[[ Given data, beginning ]]

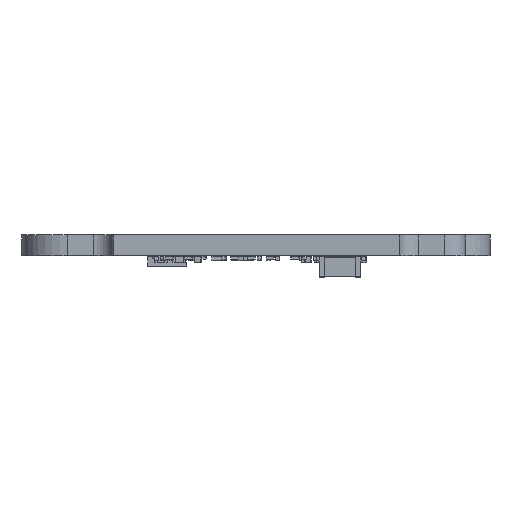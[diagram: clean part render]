
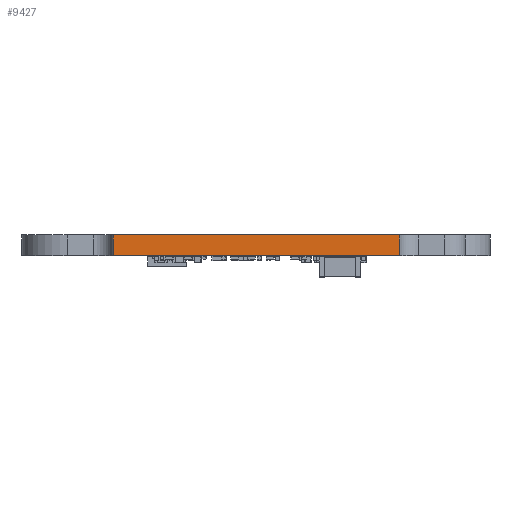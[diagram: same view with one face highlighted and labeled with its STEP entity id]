
A CAD part, left-side view. The second image highlights one B-rep face of the part: STEP entity #9427.
In plain terms, the highlighted planar face has unit normal (1, 0, 0).
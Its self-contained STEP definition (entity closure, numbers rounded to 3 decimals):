
#9367 = EDGE_CURVE('',#9368,#9370,#9372,.T.);
#9368 = VERTEX_POINT('',#9369);
#9369 = CARTESIAN_POINT('',(147.85,363.95,0.));
#9370 = VERTEX_POINT('',#9371);
#9371 = CARTESIAN_POINT('',(147.85,363.95,1.6));
#9372 = LINE('',#9373,#9374);
#9373 = CARTESIAN_POINT('',(147.85,363.95,0.));
#9374 = VECTOR('',#9375,1.);
#9375 = DIRECTION('',(0.,0.,1.));
#9427 = ADVANCED_FACE('',(#9428),#9453,.F.);
#9428 = FACE_BOUND('',#9429,.F.);
#9429 = EDGE_LOOP('',(#9430,#9440,#9446,#9447));
#9430 = ORIENTED_EDGE('',*,*,#9431,.T.);
#9431 = EDGE_CURVE('',#9432,#9434,#9436,.T.);
#9432 = VERTEX_POINT('',#9433);
#9433 = CARTESIAN_POINT('',(147.85,341.95,0.));
#9434 = VERTEX_POINT('',#9435);
#9435 = CARTESIAN_POINT('',(147.85,341.95,1.6));
#9436 = LINE('',#9437,#9438);
#9437 = CARTESIAN_POINT('',(147.85,341.95,0.));
#9438 = VECTOR('',#9439,1.);
#9439 = DIRECTION('',(0.,0.,1.));
#9440 = ORIENTED_EDGE('',*,*,#9441,.T.);
#9441 = EDGE_CURVE('',#9434,#9370,#9442,.T.);
#9442 = LINE('',#9443,#9444);
#9443 = CARTESIAN_POINT('',(147.85,341.95,1.6));
#9444 = VECTOR('',#9445,1.);
#9445 = DIRECTION('',(0.,1.,0.));
#9446 = ORIENTED_EDGE('',*,*,#9367,.F.);
#9447 = ORIENTED_EDGE('',*,*,#9448,.F.);
#9448 = EDGE_CURVE('',#9432,#9368,#9449,.T.);
#9449 = LINE('',#9450,#9451);
#9450 = CARTESIAN_POINT('',(147.85,341.95,0.));
#9451 = VECTOR('',#9452,1.);
#9452 = DIRECTION('',(0.,1.,0.));
#9453 = PLANE('',#9454);
#9454 = AXIS2_PLACEMENT_3D('',#9455,#9456,#9457);
#9455 = CARTESIAN_POINT('',(147.85,341.95,0.));
#9456 = DIRECTION('',(-1.,0.,0.));
#9457 = DIRECTION('',(0.,1.,0.));
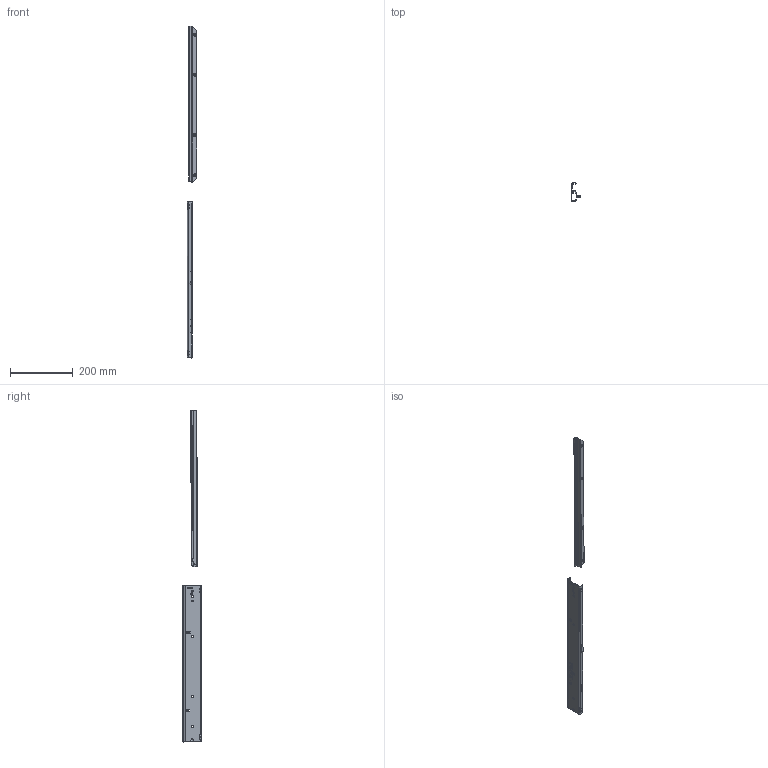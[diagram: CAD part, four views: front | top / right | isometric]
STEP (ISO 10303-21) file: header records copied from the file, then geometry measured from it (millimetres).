
FILE_DESCRIPTION (( 'STEP AP214' ), '1' );
FILE_NAME ('CS# 791.500-GA.L103_open.STEP', '2023-04-24T13:43:47', ( '' ), ( '' ), 'SwSTEP 2.0', 'SolidWorks 2020', '' );
FILE_SCHEMA (( 'AUTOMOTIVE_DESIGN' ));
Length unit declared in the file: millimetre
Products named in the file (6): CS# 786.XXX-03.S047_NL 500; PG-033; CS# 785.XXX-01.0000_NL 500; CS# 791.500-GA.L103_open
Assembly tree (5 placements, depth 3):
  CS# 791.500-GA.L103_open
    CS# 785.XXX-01.0000_NL 500
      CS# 785.XXX-01.0000_NL 500
      PG-033
    CS# 786.XXX-03.S047_NL 500
      CS# 786.XXX-03.S047_NL 500
Bounding box: 31.5 x 62.5 x 1059.99 mm (x, y, z)
Volume: 98217.8 mm3; surface area: 135841.6 mm2
Topology: 3 solids, 3 shells, 1156 faces, 2955 edges, 1822 vertices
Faces by surface type: plane 453, bspline 270, cylinder 248, cone 92, torus 72, sphere 21
Entity records: 53434 total; most frequent: CARTESIAN_POINT 22845, ORIENTED_EDGE 5854, DIRECTION 4669, EDGE_CURVE 2927, VERTEX_POINT 1822, AXIS2_PLACEMENT_3D 1622, VECTOR 1425, LINE 1425

[[ Given data, end ]]

### Task statement
The response should repeat every entry above exactly and include none of the pictures.

### Output of the exercise
[diagram: clean part render]
[diagram: same view with one face highlighted and labeled with its STEP entity id]
A CAD part, left-side view. The second image highlights one B-rep face of the part: STEP entity #9427.
In plain terms, the highlighted planar face has unit normal (1, 0, 0).
Its self-contained STEP definition (entity closure, numbers rounded to 3 decimals):
#9367 = EDGE_CURVE('',#9368,#9370,#9372,.T.);
#9368 = VERTEX_POINT('',#9369);
#9369 = CARTESIAN_POINT('',(147.85,363.95,0.));
#9370 = VERTEX_POINT('',#9371);
#9371 = CARTESIAN_POINT('',(147.85,363.95,1.6));
#9372 = LINE('',#9373,#9374);
#9373 = CARTESIAN_POINT('',(147.85,363.95,0.));
#9374 = VECTOR('',#9375,1.);
#9375 = DIRECTION('',(0.,0.,1.));
#9427 = ADVANCED_FACE('',(#9428),#9453,.F.);
#9428 = FACE_BOUND('',#9429,.F.);
#9429 = EDGE_LOOP('',(#9430,#9440,#9446,#9447));
#9430 = ORIENTED_EDGE('',*,*,#9431,.T.);
#9431 = EDGE_CURVE('',#9432,#9434,#9436,.T.);
#9432 = VERTEX_POINT('',#9433);
#9433 = CARTESIAN_POINT('',(147.85,341.95,0.));
#9434 = VERTEX_POINT('',#9435);
#9435 = CARTESIAN_POINT('',(147.85,341.95,1.6));
#9436 = LINE('',#9437,#9438);
#9437 = CARTESIAN_POINT('',(147.85,341.95,0.));
#9438 = VECTOR('',#9439,1.);
#9439 = DIRECTION('',(0.,0.,1.));
#9440 = ORIENTED_EDGE('',*,*,#9441,.T.);
#9441 = EDGE_CURVE('',#9434,#9370,#9442,.T.);
#9442 = LINE('',#9443,#9444);
#9443 = CARTESIAN_POINT('',(147.85,341.95,1.6));
#9444 = VECTOR('',#9445,1.);
#9445 = DIRECTION('',(0.,1.,0.));
#9446 = ORIENTED_EDGE('',*,*,#9367,.F.);
#9447 = ORIENTED_EDGE('',*,*,#9448,.F.);
#9448 = EDGE_CURVE('',#9432,#9368,#9449,.T.);
#9449 = LINE('',#9450,#9451);
#9450 = CARTESIAN_POINT('',(147.85,341.95,0.));
#9451 = VECTOR('',#9452,1.);
#9452 = DIRECTION('',(0.,1.,0.));
#9453 = PLANE('',#9454);
#9454 = AXIS2_PLACEMENT_3D('',#9455,#9456,#9457);
#9455 = CARTESIAN_POINT('',(147.85,341.95,0.));
#9456 = DIRECTION('',(-1.,0.,0.));
#9457 = DIRECTION('',(0.,1.,0.));
[diagram: CAD part, four views: front | top / right | isometric]
STEP (ISO 10303-21) file: header records copied from the file, then geometry measured from it (millimetres).
FILE_DESCRIPTION (( 'STEP AP214' ), '1' );
FILE_NAME ('CS# 791.500-GA.L103_open.STEP', '2023-04-24T13:43:47', ( '' ), ( '' ), 'SwSTEP 2.0', 'SolidWorks 2020', '' );
FILE_SCHEMA (( 'AUTOMOTIVE_DESIGN' ));
Length unit declared in the file: millimetre
Products named in the file (6): CS# 786.XXX-03.S047_NL 500; PG-033; CS# 785.XXX-01.0000_NL 500; CS# 791.500-GA.L103_open
Assembly tree (5 placements, depth 3):
  CS# 791.500-GA.L103_open
    CS# 785.XXX-01.0000_NL 500
      CS# 785.XXX-01.0000_NL 500
      PG-033
    CS# 786.XXX-03.S047_NL 500
      CS# 786.XXX-03.S047_NL 500
Bounding box: 31.5 x 62.5 x 1059.99 mm (x, y, z)
Volume: 98217.8 mm3; surface area: 135841.6 mm2
Topology: 3 solids, 3 shells, 1156 faces, 2955 edges, 1822 vertices
Faces by surface type: plane 453, bspline 270, cylinder 248, cone 92, torus 72, sphere 21
Entity records: 53434 total; most frequent: CARTESIAN_POINT 22845, ORIENTED_EDGE 5854, DIRECTION 4669, EDGE_CURVE 2927, VERTEX_POINT 1822, AXIS2_PLACEMENT_3D 1622, VECTOR 1425, LINE 1425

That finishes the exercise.